╭──

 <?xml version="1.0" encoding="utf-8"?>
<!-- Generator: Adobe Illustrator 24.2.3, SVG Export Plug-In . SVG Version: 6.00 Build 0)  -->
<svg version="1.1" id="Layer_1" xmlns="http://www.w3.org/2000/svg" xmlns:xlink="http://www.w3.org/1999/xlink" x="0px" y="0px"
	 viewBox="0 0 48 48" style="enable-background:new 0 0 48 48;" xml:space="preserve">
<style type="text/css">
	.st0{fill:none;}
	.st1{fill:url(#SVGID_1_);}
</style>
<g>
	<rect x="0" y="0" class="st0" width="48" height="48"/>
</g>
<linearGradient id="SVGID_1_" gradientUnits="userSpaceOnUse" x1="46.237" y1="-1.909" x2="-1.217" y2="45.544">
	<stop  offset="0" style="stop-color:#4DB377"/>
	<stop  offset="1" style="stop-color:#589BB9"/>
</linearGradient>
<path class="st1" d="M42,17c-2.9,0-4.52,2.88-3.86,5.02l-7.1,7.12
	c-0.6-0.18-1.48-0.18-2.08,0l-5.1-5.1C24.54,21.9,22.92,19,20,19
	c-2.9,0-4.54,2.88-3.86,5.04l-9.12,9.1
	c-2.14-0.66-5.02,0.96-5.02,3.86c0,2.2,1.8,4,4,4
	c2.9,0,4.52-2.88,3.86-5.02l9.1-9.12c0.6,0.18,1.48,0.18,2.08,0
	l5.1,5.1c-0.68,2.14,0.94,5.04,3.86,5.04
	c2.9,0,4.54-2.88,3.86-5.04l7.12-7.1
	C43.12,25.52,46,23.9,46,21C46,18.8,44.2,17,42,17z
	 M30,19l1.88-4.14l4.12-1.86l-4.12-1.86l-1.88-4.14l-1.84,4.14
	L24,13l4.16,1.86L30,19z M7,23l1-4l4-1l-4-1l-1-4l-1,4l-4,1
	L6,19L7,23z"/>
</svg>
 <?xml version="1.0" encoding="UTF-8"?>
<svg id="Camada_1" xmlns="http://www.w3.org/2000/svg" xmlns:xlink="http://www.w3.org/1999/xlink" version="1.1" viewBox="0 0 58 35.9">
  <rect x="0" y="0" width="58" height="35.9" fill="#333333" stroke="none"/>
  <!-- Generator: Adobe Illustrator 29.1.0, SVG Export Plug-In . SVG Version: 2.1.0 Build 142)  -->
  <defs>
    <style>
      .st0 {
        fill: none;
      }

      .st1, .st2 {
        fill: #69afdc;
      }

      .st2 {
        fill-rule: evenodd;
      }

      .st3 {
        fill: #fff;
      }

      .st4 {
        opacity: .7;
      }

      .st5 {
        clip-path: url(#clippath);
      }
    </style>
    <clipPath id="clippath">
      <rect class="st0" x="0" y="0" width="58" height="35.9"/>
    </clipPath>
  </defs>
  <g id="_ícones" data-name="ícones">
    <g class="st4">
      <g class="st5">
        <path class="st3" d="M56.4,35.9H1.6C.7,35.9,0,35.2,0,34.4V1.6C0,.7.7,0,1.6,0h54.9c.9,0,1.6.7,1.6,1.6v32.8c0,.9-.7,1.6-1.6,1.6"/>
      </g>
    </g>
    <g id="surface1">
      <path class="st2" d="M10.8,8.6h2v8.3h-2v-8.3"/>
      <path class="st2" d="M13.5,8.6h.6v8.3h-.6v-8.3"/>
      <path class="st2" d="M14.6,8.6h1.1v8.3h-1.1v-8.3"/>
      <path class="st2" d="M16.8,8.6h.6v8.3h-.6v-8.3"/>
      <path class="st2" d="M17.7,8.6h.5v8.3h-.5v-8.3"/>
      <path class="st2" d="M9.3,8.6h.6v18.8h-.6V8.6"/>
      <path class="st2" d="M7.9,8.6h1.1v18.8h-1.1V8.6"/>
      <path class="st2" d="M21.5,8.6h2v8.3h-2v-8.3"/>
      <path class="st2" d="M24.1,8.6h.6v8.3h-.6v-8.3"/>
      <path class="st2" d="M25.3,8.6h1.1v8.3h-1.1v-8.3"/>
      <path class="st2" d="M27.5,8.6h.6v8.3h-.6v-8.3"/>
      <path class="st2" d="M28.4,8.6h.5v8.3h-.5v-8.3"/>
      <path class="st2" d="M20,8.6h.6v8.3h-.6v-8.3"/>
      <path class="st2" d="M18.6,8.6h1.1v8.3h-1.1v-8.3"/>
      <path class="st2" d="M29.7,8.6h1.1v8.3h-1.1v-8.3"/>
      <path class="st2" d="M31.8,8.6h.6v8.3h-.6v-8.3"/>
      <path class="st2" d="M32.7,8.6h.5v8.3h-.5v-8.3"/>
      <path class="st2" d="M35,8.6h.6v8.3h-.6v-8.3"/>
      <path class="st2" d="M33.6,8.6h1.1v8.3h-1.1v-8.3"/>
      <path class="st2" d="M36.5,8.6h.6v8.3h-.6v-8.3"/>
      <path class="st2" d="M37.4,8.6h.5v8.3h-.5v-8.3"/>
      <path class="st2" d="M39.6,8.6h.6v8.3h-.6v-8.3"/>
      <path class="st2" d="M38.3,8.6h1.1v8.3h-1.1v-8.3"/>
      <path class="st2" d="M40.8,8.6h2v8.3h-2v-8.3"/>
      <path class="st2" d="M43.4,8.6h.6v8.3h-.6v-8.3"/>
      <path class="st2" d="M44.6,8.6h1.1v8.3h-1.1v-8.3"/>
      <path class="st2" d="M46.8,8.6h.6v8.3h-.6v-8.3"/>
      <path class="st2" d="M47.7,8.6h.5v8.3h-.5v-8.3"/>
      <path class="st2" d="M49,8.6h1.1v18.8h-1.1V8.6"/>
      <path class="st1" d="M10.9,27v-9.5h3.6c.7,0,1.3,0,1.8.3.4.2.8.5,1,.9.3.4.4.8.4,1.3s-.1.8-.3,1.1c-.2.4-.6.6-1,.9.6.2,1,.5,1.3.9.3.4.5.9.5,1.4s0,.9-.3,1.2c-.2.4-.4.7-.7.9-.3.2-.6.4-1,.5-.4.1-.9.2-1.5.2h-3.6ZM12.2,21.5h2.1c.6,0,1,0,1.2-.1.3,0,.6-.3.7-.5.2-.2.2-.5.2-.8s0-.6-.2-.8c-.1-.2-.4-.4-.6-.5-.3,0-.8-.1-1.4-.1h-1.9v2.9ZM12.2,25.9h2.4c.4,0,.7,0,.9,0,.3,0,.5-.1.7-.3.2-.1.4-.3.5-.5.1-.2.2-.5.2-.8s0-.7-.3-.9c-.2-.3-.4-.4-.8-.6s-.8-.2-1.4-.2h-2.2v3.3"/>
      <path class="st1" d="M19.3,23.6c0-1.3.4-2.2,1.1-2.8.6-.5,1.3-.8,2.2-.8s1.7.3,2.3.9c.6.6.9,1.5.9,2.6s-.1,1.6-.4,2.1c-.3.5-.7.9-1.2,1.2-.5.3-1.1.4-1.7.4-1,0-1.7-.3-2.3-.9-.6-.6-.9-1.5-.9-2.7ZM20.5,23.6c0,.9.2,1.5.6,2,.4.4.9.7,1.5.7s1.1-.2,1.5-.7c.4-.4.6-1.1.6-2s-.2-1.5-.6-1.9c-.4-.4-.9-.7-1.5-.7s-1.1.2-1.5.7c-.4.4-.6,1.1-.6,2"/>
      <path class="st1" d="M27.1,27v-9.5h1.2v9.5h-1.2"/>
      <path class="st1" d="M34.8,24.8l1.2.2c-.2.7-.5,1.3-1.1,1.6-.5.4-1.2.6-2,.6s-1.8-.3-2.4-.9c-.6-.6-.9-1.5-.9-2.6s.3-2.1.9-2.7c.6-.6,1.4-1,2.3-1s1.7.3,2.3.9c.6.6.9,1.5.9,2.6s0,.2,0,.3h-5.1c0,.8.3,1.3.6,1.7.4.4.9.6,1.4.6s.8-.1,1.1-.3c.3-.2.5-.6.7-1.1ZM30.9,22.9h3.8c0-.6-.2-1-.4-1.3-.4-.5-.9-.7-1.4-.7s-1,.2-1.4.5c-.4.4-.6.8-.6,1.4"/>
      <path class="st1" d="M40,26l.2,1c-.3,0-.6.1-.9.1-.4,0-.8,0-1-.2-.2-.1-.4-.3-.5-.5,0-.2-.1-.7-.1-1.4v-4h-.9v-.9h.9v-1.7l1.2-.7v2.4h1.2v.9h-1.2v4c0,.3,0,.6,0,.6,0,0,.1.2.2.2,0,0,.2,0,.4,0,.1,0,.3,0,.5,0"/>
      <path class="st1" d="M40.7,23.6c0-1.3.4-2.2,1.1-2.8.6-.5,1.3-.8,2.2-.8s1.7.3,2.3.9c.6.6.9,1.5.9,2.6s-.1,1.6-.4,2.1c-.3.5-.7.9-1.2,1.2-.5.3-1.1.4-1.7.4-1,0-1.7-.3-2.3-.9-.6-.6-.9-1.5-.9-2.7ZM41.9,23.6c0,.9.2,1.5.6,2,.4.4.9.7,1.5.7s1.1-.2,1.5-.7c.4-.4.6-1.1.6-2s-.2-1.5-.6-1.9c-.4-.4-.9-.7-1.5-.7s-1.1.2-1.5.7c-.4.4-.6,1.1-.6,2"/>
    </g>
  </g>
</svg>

╰──

> [THE PROBLEM] For this exercise, repeat exactly the lines of the data above from the one with "c2.9,0,4.52-2.88,3.86-5.02l9.1-9.12c0.6,0.18,1.48,0.18,2.08,0" down to the one with "M30,19l1.88-4.14l4.12-1.86l-4.12-1.86l-1.88-4.14l-1.84,4.14", both end lines included.

> [FINISHED EXERCISE]
	c2.9,0,4.52-2.88,3.86-5.02l9.1-9.12c0.6,0.18,1.48,0.18,2.08,0
	l5.1,5.1c-0.68,2.14,0.94,5.04,3.86,5.04
	c2.9,0,4.54-2.88,3.86-5.04l7.12-7.1
	C43.12,25.52,46,23.9,46,21C46,18.8,44.2,17,42,17z
	 M30,19l1.88-4.14l4.12-1.86l-4.12-1.86l-1.88-4.14l-1.84,4.14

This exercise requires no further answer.